* [Instructions to follow] Pictures do not belong in the output. Reproduce exactly the lines from the start of the records through the line with "normal (-1, 0, 0).".

* [Data supplied]

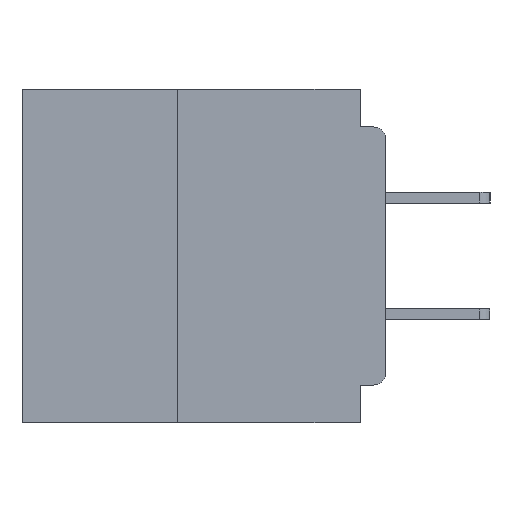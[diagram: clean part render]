
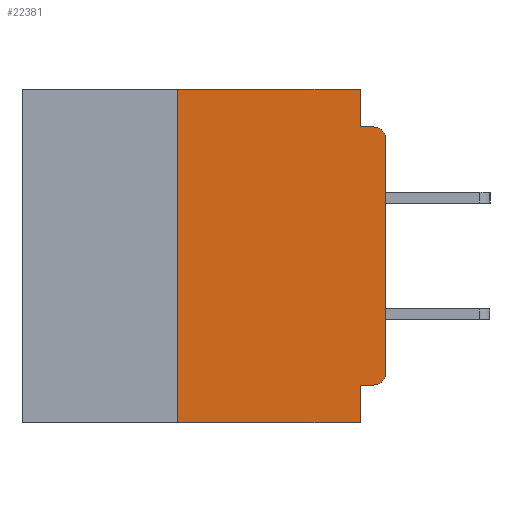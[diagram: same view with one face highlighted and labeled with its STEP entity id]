
A CAD part, left-side view. The second image highlights one B-rep face of the part: STEP entity #22381.
In plain terms, the highlighted planar face has unit normal (-1, 0, 0).
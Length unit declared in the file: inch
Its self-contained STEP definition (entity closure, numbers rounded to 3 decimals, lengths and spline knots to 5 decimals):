
#1527 = FACE_OUTER_BOUND ( 'NONE', #44322, .T. ) ;
#2001 = DIRECTION ( 'NONE',  ( 0., -1., 0. ) ) ;
#2151 = DIRECTION ( 'NONE',  ( 0., 0., 1. ) ) ;
#3171 = CARTESIAN_POINT ( 'NONE',  ( 0., 0.031, -0.4 ) ) ;
#4445 = CARTESIAN_POINT ( 'NONE',  ( 0., 0.031, -0.045 ) ) ;
#5322 = DIRECTION ( 'NONE',  ( 0., 0., -1. ) ) ;
#6340 = PLANE ( 'NONE',  #42407 ) ;
#6660 = ORIENTED_EDGE ( 'NONE', *, *, #13579, .F. ) ;
#6754 = VECTOR ( 'NONE', #2151, 39.37008 ) ;
#7802 = VECTOR ( 'NONE', #5322, 39.37008 ) ;
#7924 = CARTESIAN_POINT ( 'NONE',  ( 0., 0., -0.045 ) ) ;
#8905 = DIRECTION ( 'NONE',  ( 0., 1., 0. ) ) ;
#9842 = DIRECTION ( 'NONE',  ( 0., 0., -1. ) ) ;
#10246 = DIRECTION ( 'NONE',  ( 0., 0., 1. ) ) ;
#11019 = DIRECTION ( 'NONE',  ( -1., 0., 0. ) ) ;
#12792 = LINE ( 'NONE', #29575, #31101 ) ;
#13459 = CARTESIAN_POINT ( 'NONE',  ( 0., 0.015, -0.06 ) ) ;
#13518 = AXIS2_PLACEMENT_3D ( 'NONE', #13459, #37436, #16986 ) ;
#13579 = EDGE_CURVE ( 'NONE', #35704, #19705, #15200, .T. ) ;
#14159 = CARTESIAN_POINT ( 'NONE',  ( 0., 0.25, 0. ) ) ;
#14466 = EDGE_CURVE ( 'NONE', #24763, #21468, #27526, .T. ) ;
#14473 = CARTESIAN_POINT ( 'NONE',  ( 0., 0.015, -0.045 ) ) ;
#14624 = ORIENTED_EDGE ( 'NONE', *, *, #31108, .F. ) ;
#15200 = LINE ( 'NONE', #22806, #34498 ) ;
#15727 = EDGE_CURVE ( 'NONE', #38884, #35505, #12792, .T. ) ;
#16002 = CARTESIAN_POINT ( 'NONE',  ( 0., 0., 0. ) ) ;
#16429 = VERTEX_POINT ( 'NONE', #36621 ) ;
#16673 = VECTOR ( 'NONE', #42223, 39.37008 ) ;
#16763 = ORIENTED_EDGE ( 'NONE', *, *, #33653, .T. ) ;
#16986 = DIRECTION ( 'NONE',  ( 0., 0., -1. ) ) ;
#17363 = CARTESIAN_POINT ( 'NONE',  ( 0., 0.031, 0. ) ) ;
#17964 = LINE ( 'NONE', #3171, #36116 ) ;
#18160 = VERTEX_POINT ( 'NONE', #4445 ) ;
#18475 = ORIENTED_EDGE ( 'NONE', *, *, #15727, .F. ) ;
#18723 = CARTESIAN_POINT ( 'NONE',  ( 0., 0., -0.06 ) ) ;
#19705 = VERTEX_POINT ( 'NONE', #17363 ) ;
#20525 = VERTEX_POINT ( 'NONE', #25025 ) ;
#20578 = CARTESIAN_POINT ( 'NONE',  ( 0., 0.25, -0.4 ) ) ;
#21073 = VECTOR ( 'NONE', #10246, 39.37008 ) ;
#21468 = VERTEX_POINT ( 'NONE', #14473 ) ;
#22381 = ADVANCED_FACE ( 'NONE', ( #1527 ), #6340, .F. ) ;
#22432 = ORIENTED_EDGE ( 'NONE', *, *, #33959, .T. ) ;
#22672 = LINE ( 'NONE', #36790, #30670 ) ;
#22806 = CARTESIAN_POINT ( 'NONE',  ( 0., 0.437, 0. ) ) ;
#23666 = CARTESIAN_POINT ( 'NONE',  ( 0., 0.437, 0. ) ) ;
#24763 = VERTEX_POINT ( 'NONE', #18723 ) ;
#24860 = EDGE_CURVE ( 'NONE', #19705, #18160, #44220, .T. ) ;
#25025 = CARTESIAN_POINT ( 'NONE',  ( 0., 0.25, -0.4 ) ) ;
#25873 = LINE ( 'NONE', #7924, #16673 ) ;
#27526 = CIRCLE ( 'NONE', #13518, 0.015 ) ;
#28369 = CARTESIAN_POINT ( 'NONE',  ( 0., 0.031, -0.355 ) ) ;
#29575 = CARTESIAN_POINT ( 'NONE',  ( 0., 0., -0.355 ) ) ;
#29892 = EDGE_CURVE ( 'NONE', #35505, #16429, #17964, .T. ) ;
#30158 = LINE ( 'NONE', #20578, #21073 ) ;
#30495 = DIRECTION ( 'NONE',  ( 1., 0., 0. ) ) ;
#30670 = VECTOR ( 'NONE', #33406, 39.37008 ) ;
#30825 = DIRECTION ( 'NONE',  ( 0., 0., -1. ) ) ;
#31101 = VECTOR ( 'NONE', #8905, 39.37008 ) ;
#31108 = EDGE_CURVE ( 'NONE', #20525, #35704, #30158, .T. ) ;
#31452 = ORIENTED_EDGE ( 'NONE', *, *, #43091, .T. ) ;
#31633 = CARTESIAN_POINT ( 'NONE',  ( 0., 0.015, -0.34 ) ) ;
#31945 = ORIENTED_EDGE ( 'NONE', *, *, #24860, .F. ) ;
#32329 = VERTEX_POINT ( 'NONE', #34046 ) ;
#32908 = CARTESIAN_POINT ( 'NONE',  ( 0., 0.031, 0. ) ) ;
#33406 = DIRECTION ( 'NONE',  ( 0., -1., 0. ) ) ;
#33653 = EDGE_CURVE ( 'NONE', #38884, #32329, #37847, .T. ) ;
#33959 = EDGE_CURVE ( 'NONE', #32329, #24763, #44280, .T. ) ;
#34010 = ORIENTED_EDGE ( 'NONE', *, *, #29892, .F. ) ;
#34046 = CARTESIAN_POINT ( 'NONE',  ( 0., 0., -0.34 ) ) ;
#34498 = VECTOR ( 'NONE', #2001, 39.37008 ) ;
#35038 = DIRECTION ( 'NONE',  ( 0., 0., -1. ) ) ;
#35505 = VERTEX_POINT ( 'NONE', #28369 ) ;
#35704 = VERTEX_POINT ( 'NONE', #14159 ) ;
#36116 = VECTOR ( 'NONE', #30825, 39.37008 ) ;
#36621 = CARTESIAN_POINT ( 'NONE',  ( 0., 0.031, -0.4 ) ) ;
#36790 = CARTESIAN_POINT ( 'NONE',  ( 0., 0.437, -0.4 ) ) ;
#36803 = CARTESIAN_POINT ( 'NONE',  ( 0., 0.015, -0.355 ) ) ;
#37436 = DIRECTION ( 'NONE',  ( -1., 0., 0. ) ) ;
#37847 = CIRCLE ( 'NONE', #40457, 0.015 ) ;
#38884 = VERTEX_POINT ( 'NONE', #36803 ) ;
#40457 = AXIS2_PLACEMENT_3D ( 'NONE', #31633, #11019, #35038 ) ;
#41498 = ORIENTED_EDGE ( 'NONE', *, *, #14466, .T. ) ;
#41774 = ORIENTED_EDGE ( 'NONE', *, *, #43451, .F. ) ;
#42223 = DIRECTION ( 'NONE',  ( 0., -1., 0. ) ) ;
#42407 = AXIS2_PLACEMENT_3D ( 'NONE', #23666, #30495, #9842 ) ;
#43091 = EDGE_CURVE ( 'NONE', #20525, #16429, #22672, .T. ) ;
#43451 = EDGE_CURVE ( 'NONE', #18160, #21468, #25873, .T. ) ;
#44220 = LINE ( 'NONE', #32908, #7802 ) ;
#44280 = LINE ( 'NONE', #16002, #6754 ) ;
#44322 = EDGE_LOOP ( 'NONE', ( #22432, #41498, #41774, #31945, #6660, #14624, #31452, #34010, #18475, #16763 ) ) ;
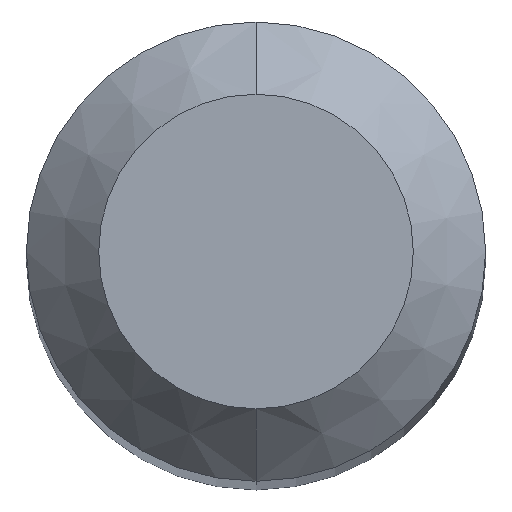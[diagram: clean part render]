
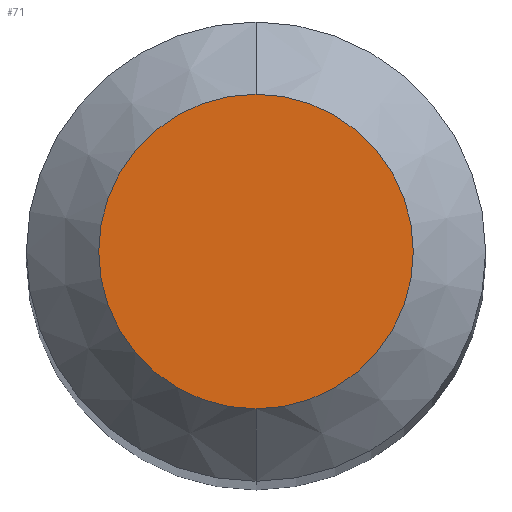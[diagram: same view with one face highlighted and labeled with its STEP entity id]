
A CAD part, top view. The second image highlights one B-rep face of the part: STEP entity #71.
In plain terms, the highlighted planar face has unit normal (0, 0, 1).
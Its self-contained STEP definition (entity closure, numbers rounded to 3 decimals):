
#53=PLANE('',#403);
#71=ADVANCED_FACE('',(#95),#53,.F.);
#95=FACE_OUTER_BOUND('',#113,.T.);
#113=EDGE_LOOP('',(#196,#197));
#132=CIRCLE('',#399,1.088);
#133=CIRCLE('',#401,1.088);
#196=ORIENTED_EDGE('',*,*,#247,.F.);
#197=ORIENTED_EDGE('',*,*,#245,.F.);
#214=VERTEX_POINT('',#594);
#215=VERTEX_POINT('',#596);
#245=EDGE_CURVE('',#214,#215,#132,.T.);
#247=EDGE_CURVE('',#215,#214,#133,.T.);
#399=AXIS2_PLACEMENT_3D('',#595,#507,#508);
#401=AXIS2_PLACEMENT_3D('',#599,#512,#513);
#403=AXIS2_PLACEMENT_3D('',#601,#516,#517);
#507=DIRECTION('',(0.,0.,-1.));
#508=DIRECTION('',(0.,-1.,0.));
#512=DIRECTION('',(0.,0.,-1.));
#513=DIRECTION('',(0.,1.,0.));
#516=DIRECTION('',(0.,0.,-1.));
#517=DIRECTION('',(0.,1.,0.));
#594=CARTESIAN_POINT('',(0.,-1.088,50.8));
#595=CARTESIAN_POINT('',(0.,0.,50.8));
#596=CARTESIAN_POINT('',(0.,1.088,50.8));
#599=CARTESIAN_POINT('',(0.,0.,50.8));
#601=CARTESIAN_POINT('',(0.,0.,50.8));

* [Result of this task]
[diagram: clean part render]
[diagram: same view with one face highlighted and labeled with its STEP entity id]
A CAD part, left-side view. The second image highlights one B-rep face of the part: STEP entity #22381.
In plain terms, the highlighted planar face has unit normal (-1, 0, 0).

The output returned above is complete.